● **EXERCISE MATERIALS**
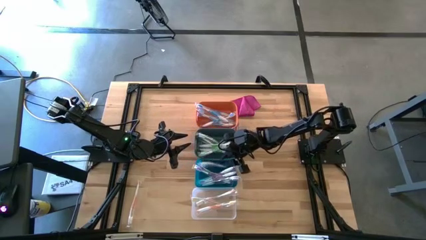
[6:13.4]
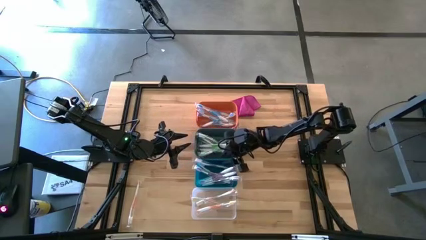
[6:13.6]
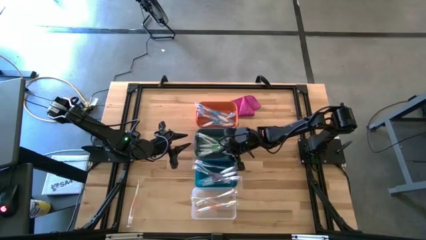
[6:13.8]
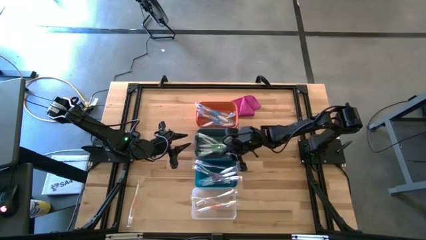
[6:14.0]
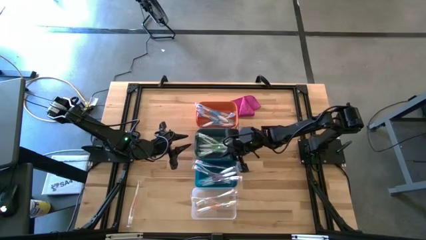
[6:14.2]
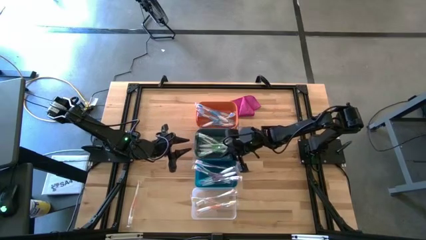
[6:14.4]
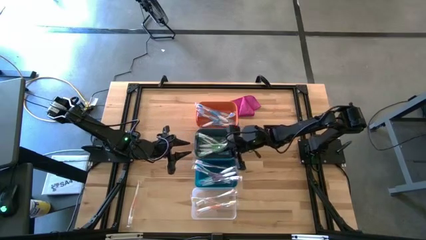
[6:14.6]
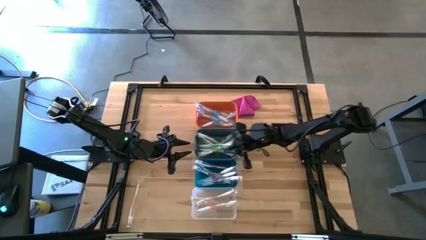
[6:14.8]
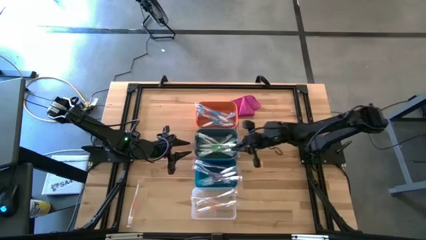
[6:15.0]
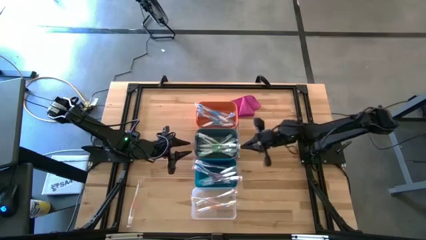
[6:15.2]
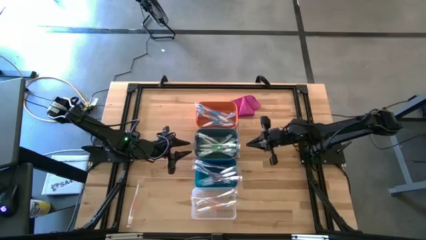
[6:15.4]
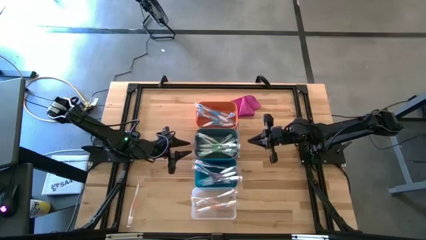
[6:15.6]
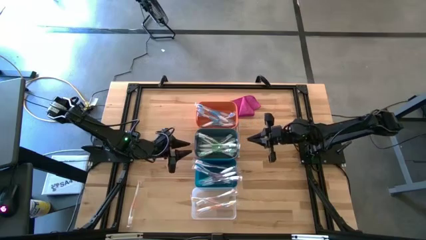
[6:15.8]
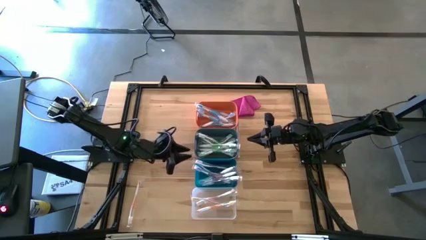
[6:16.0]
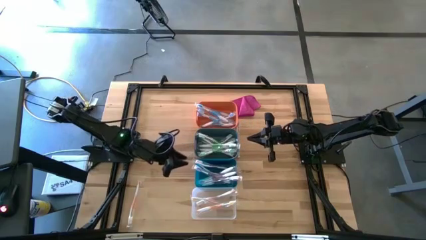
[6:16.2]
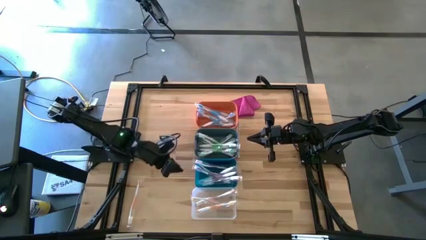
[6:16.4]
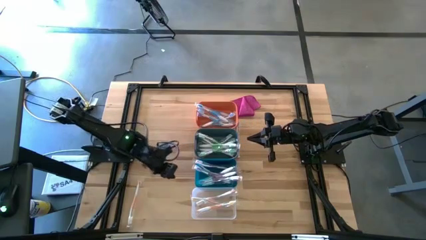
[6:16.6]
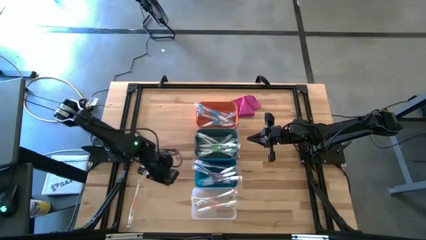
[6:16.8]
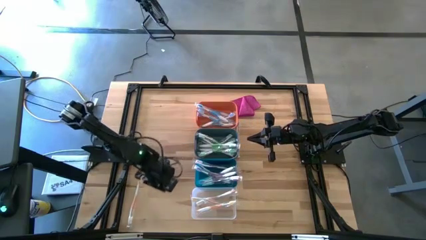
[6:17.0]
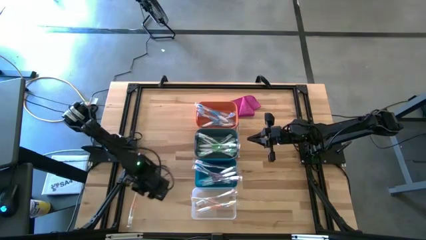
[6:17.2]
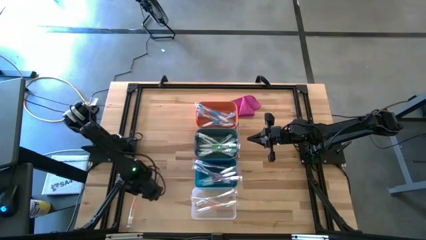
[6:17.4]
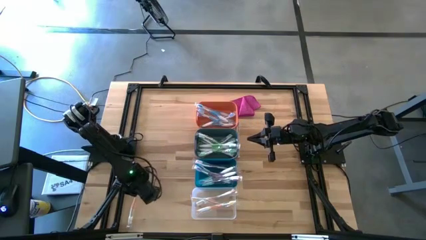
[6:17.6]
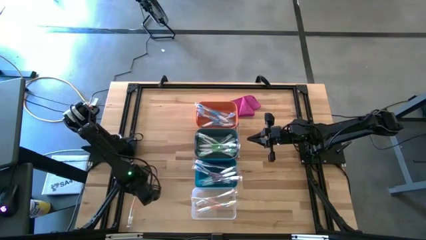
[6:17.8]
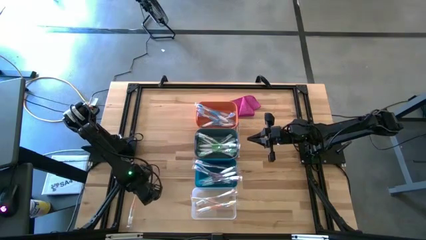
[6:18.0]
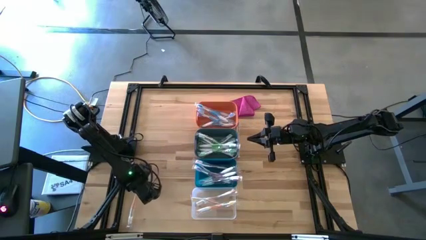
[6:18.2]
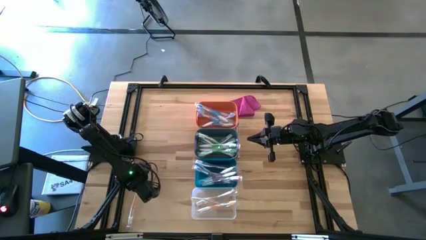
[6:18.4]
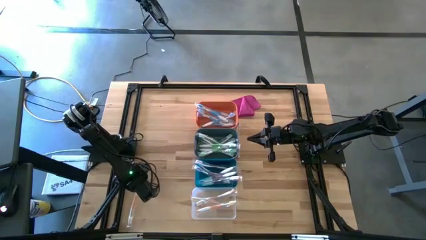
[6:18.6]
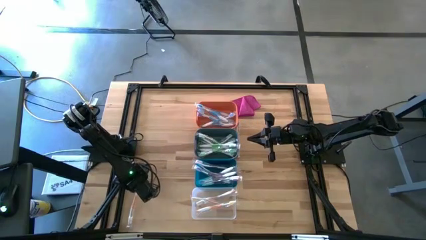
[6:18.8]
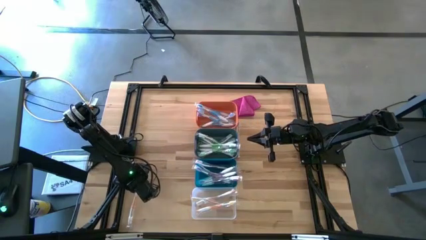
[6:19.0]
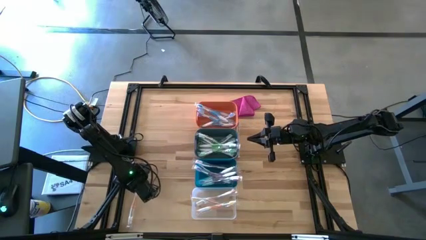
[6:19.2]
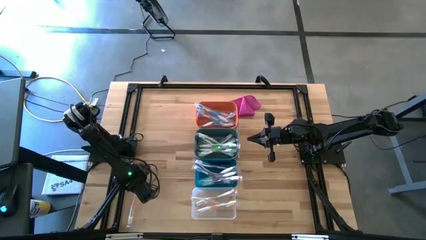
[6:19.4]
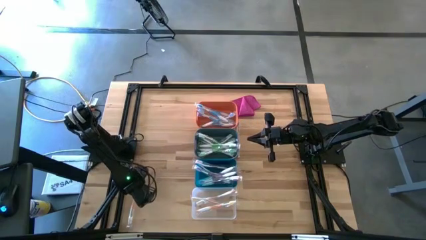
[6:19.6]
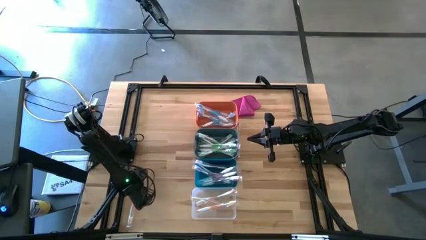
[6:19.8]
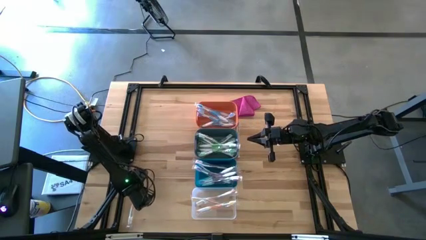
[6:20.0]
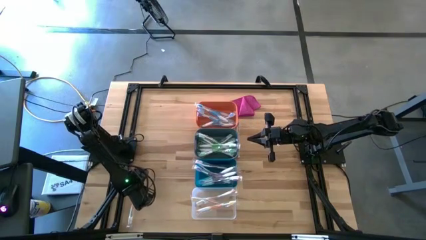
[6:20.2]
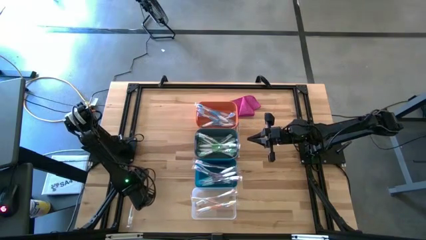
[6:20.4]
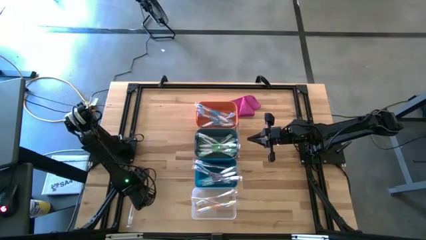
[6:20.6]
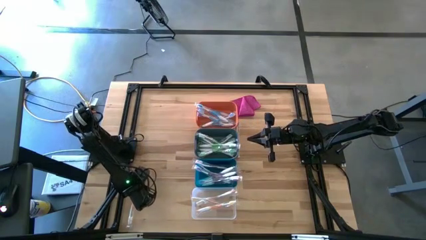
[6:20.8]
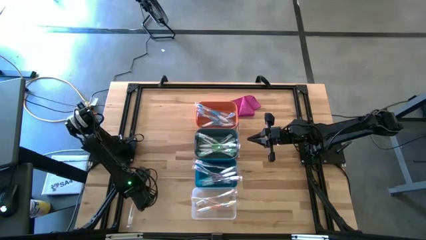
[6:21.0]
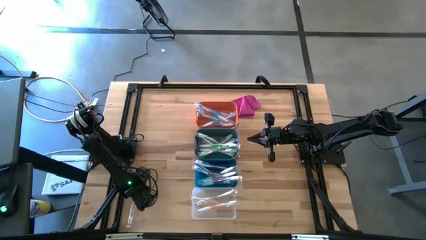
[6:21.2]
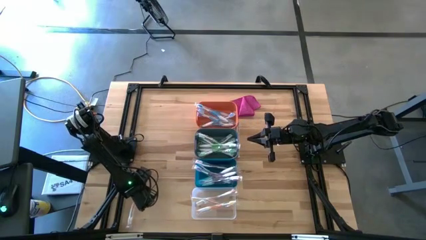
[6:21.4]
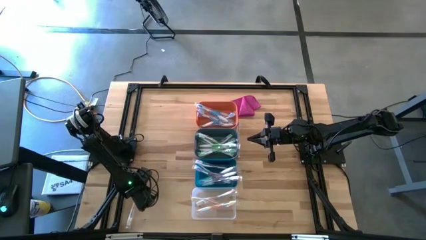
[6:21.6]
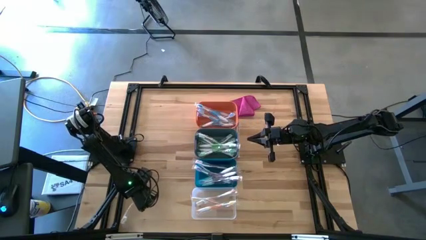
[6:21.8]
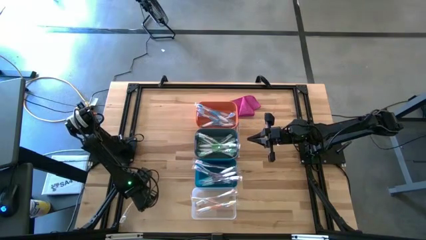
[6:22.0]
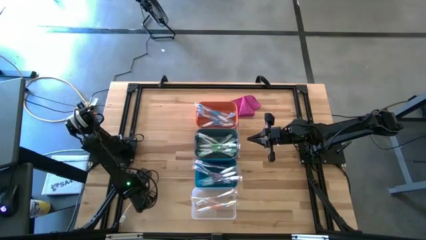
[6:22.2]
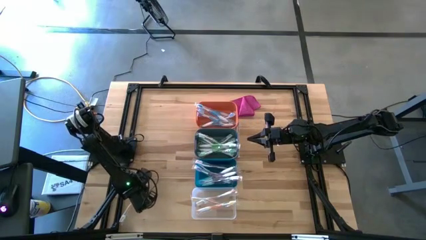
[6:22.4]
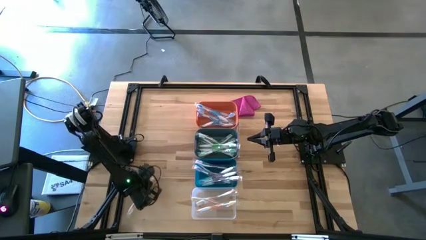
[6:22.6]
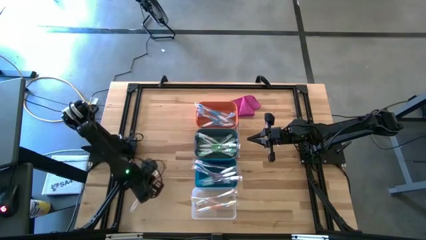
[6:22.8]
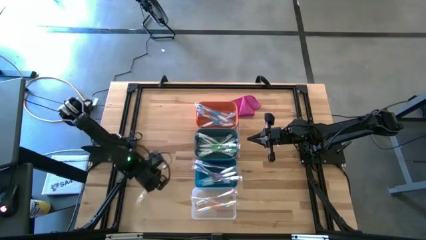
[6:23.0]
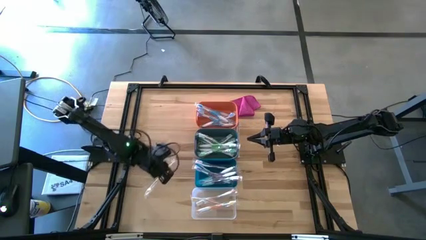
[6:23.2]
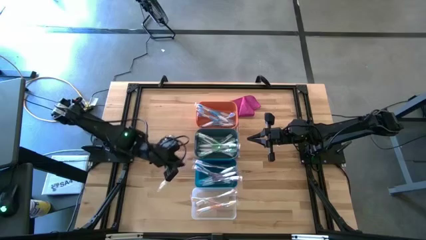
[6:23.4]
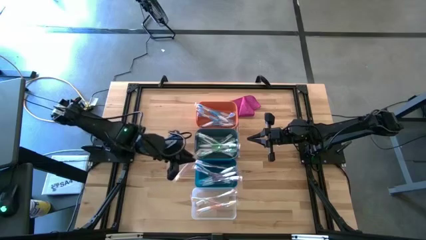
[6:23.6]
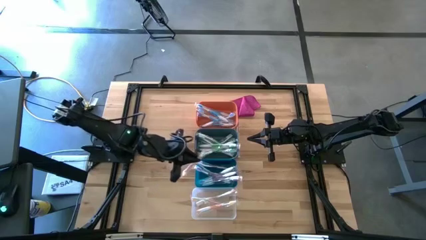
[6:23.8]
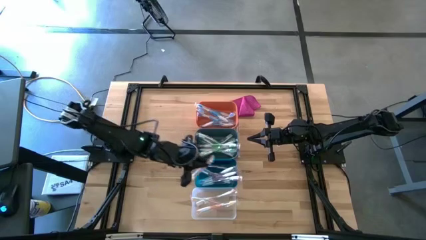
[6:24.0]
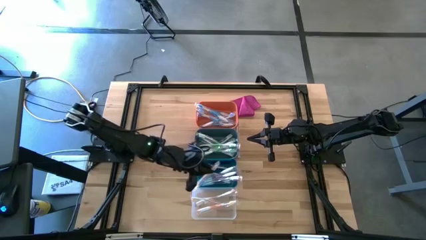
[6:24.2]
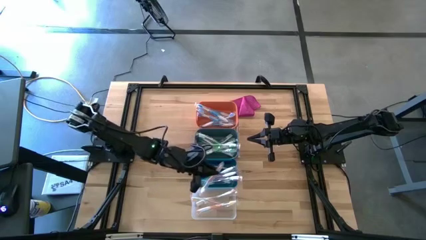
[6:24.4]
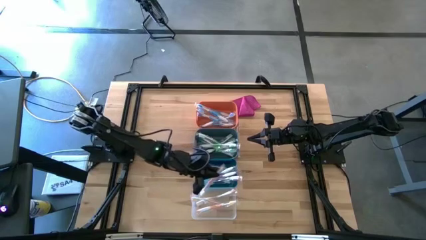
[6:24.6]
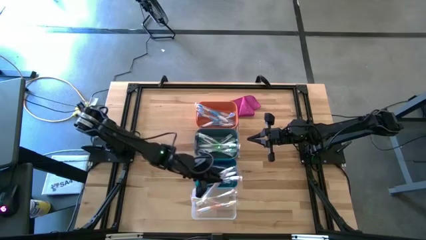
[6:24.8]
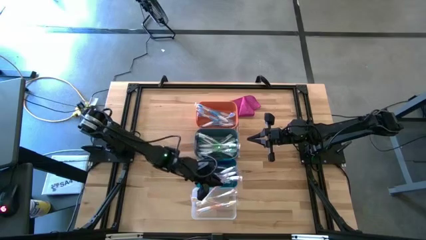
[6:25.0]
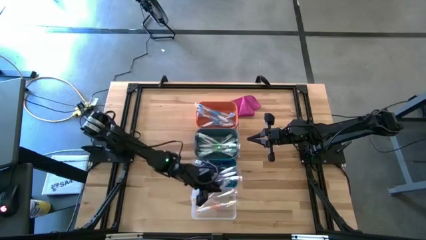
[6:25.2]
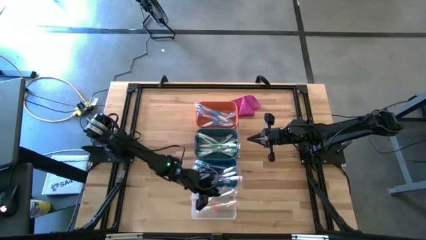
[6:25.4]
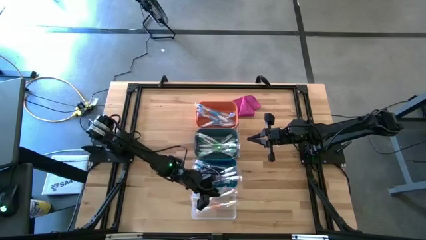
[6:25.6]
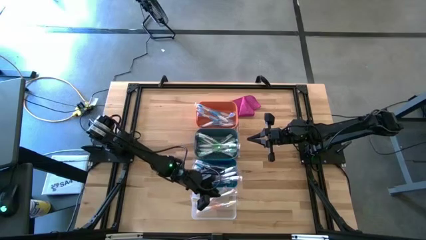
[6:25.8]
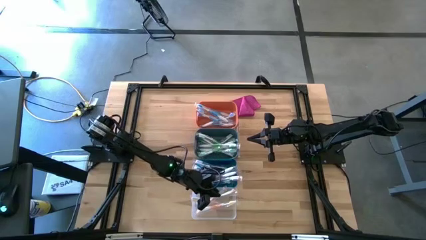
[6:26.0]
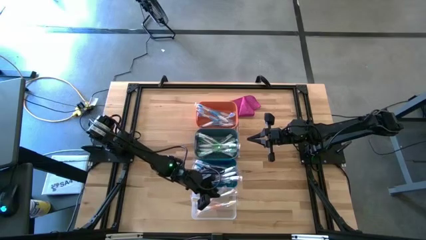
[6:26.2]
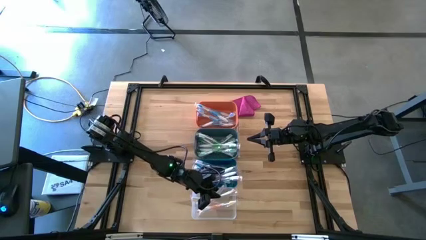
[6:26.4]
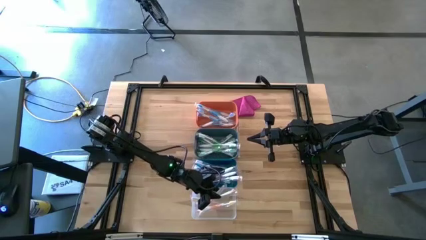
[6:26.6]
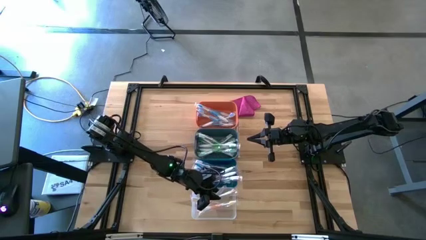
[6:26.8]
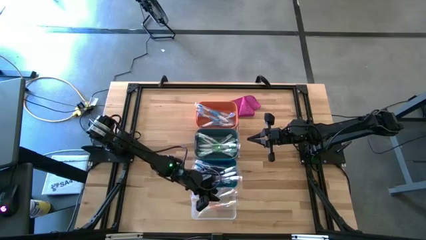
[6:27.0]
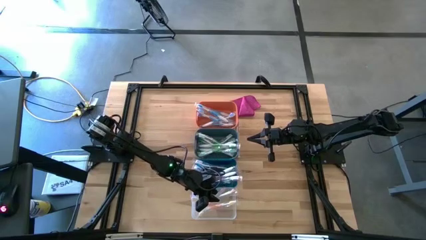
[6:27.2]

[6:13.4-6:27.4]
Task: Pick & Place Toothbrushes
Put the orange toothbrush into the transparent bin

● **THE TASK**
Everything in the records above should be retyped exactly except the pictures.

● **WRITTEN RESPONSE**
[6:13.4]
[6:13.6]
[6:13.8]
[6:14.0]
[6:14.2]
[6:14.4]
[6:14.6]
[6:14.8]
[6:15.0]
[6:15.2]
[6:15.4]
[6:15.6]
[6:15.8]
[6:16.0]
[6:16.2]
[6:16.4]
[6:16.6]
[6:16.8]
[6:17.0]
[6:17.2]
[6:17.4]
[6:17.6]
[6:17.8]
[6:18.0]
[6:18.2]
[6:18.4]
[6:18.6]
[6:18.8]
[6:19.0]
[6:19.2]
[6:19.4]
[6:19.6]
[6:19.8]
[6:20.0]
[6:20.2]
[6:20.4]
[6:20.6]
[6:20.8]
[6:21.0]
[6:21.2]
[6:21.4]
[6:21.6]
[6:21.8]
[6:22.0]
[6:22.2]
[6:22.4]
[6:22.6]
[6:22.8]
[6:23.0]
[6:23.2]
[6:23.4]
[6:23.6]
[6:23.8]
[6:24.0]
[6:24.2]
[6:24.4]
[6:24.6]
[6:24.8]
[6:25.0]
[6:25.2]
[6:25.4]
[6:25.6]
[6:25.8]
[6:26.0]
[6:26.2]
[6:26.4]
[6:26.6]
[6:26.8]
[6:27.0]
[6:27.2]

[6:13.4-6:27.4]
Task: Pick & Place Toothbrushes
Put the orange toothbrush into the transparent bin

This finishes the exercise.